• **Material provided**
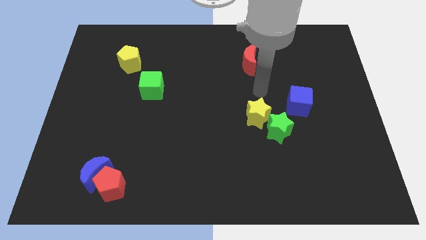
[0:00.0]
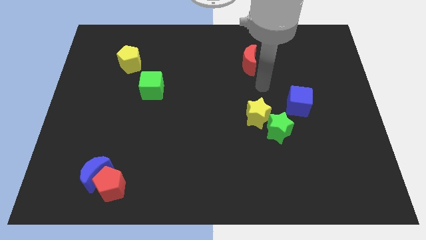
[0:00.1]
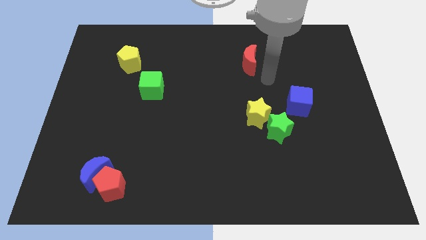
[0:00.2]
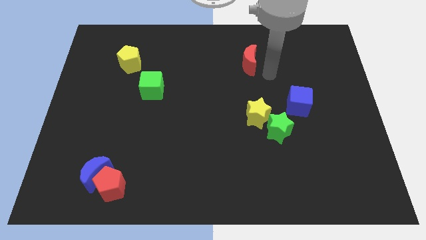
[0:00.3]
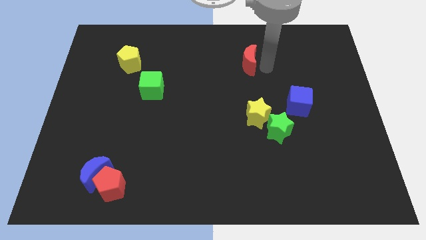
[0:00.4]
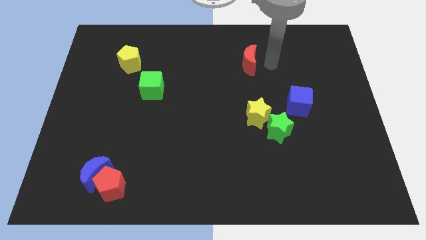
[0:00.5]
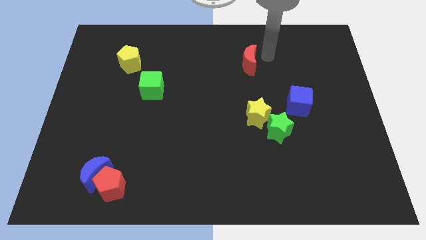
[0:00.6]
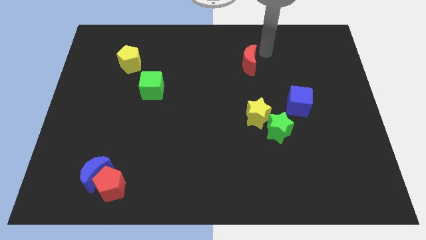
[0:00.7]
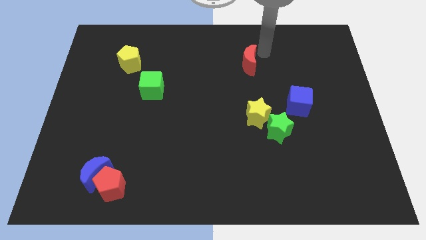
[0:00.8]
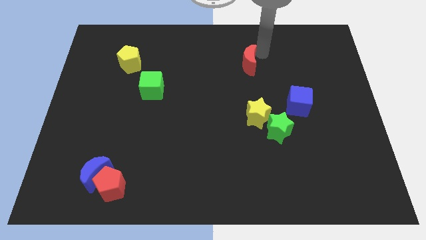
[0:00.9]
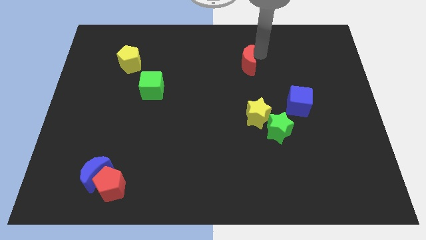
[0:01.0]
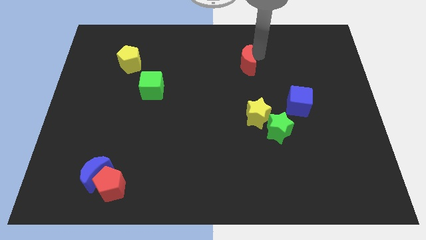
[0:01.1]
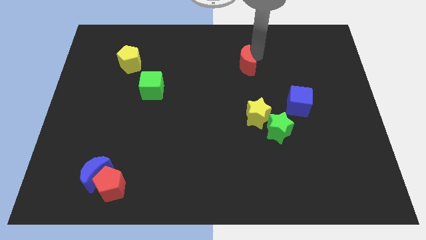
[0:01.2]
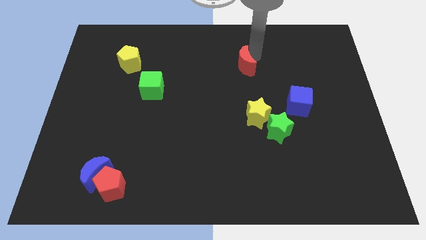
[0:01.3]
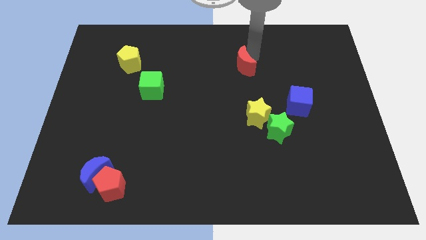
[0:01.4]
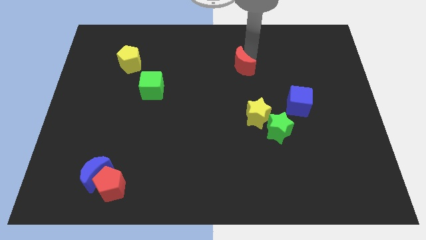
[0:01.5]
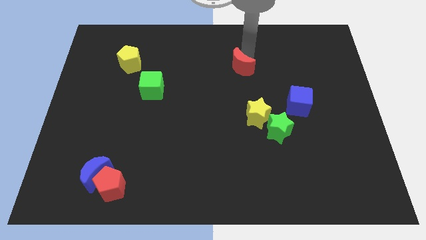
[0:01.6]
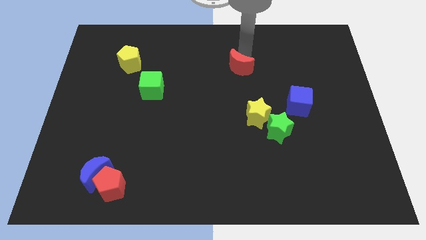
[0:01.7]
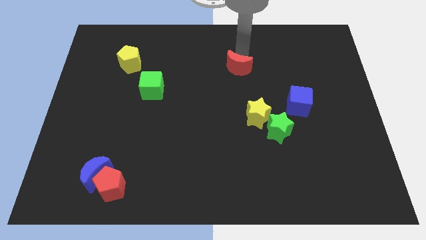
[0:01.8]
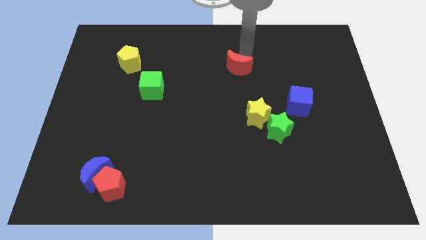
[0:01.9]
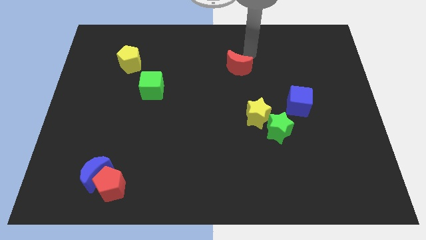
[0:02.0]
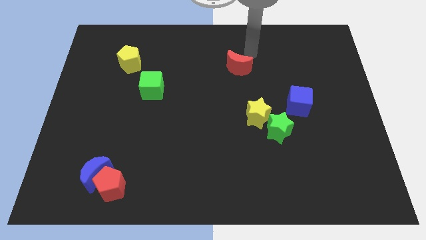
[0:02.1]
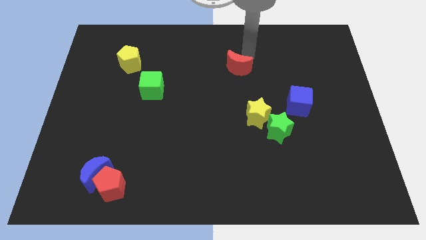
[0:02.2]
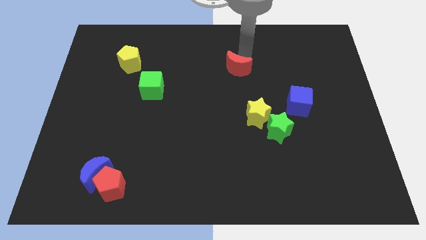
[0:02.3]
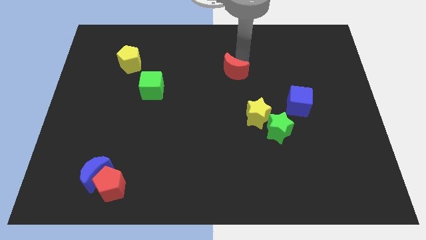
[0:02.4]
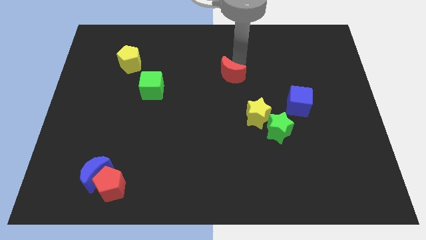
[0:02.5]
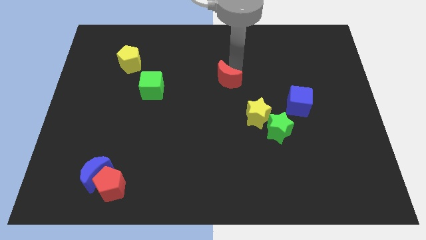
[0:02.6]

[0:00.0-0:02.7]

• **Task to carry out**
Type out the entries again without a single change, and leave the pictures out.

• **Solution to the exercise**
[0:00.0]
[0:00.1]
[0:00.2]
[0:00.3]
[0:00.4]
[0:00.5]
[0:00.6]
[0:00.7]
[0:00.8]
[0:00.9]
[0:01.0]
[0:01.1]
[0:01.2]
[0:01.3]
[0:01.4]
[0:01.5]
[0:01.6]
[0:01.7]
[0:01.8]
[0:01.9]
[0:02.0]
[0:02.1]
[0:02.2]
[0:02.3]
[0:02.4]
[0:02.5]
[0:02.6]

[0:00.0-0:02.7]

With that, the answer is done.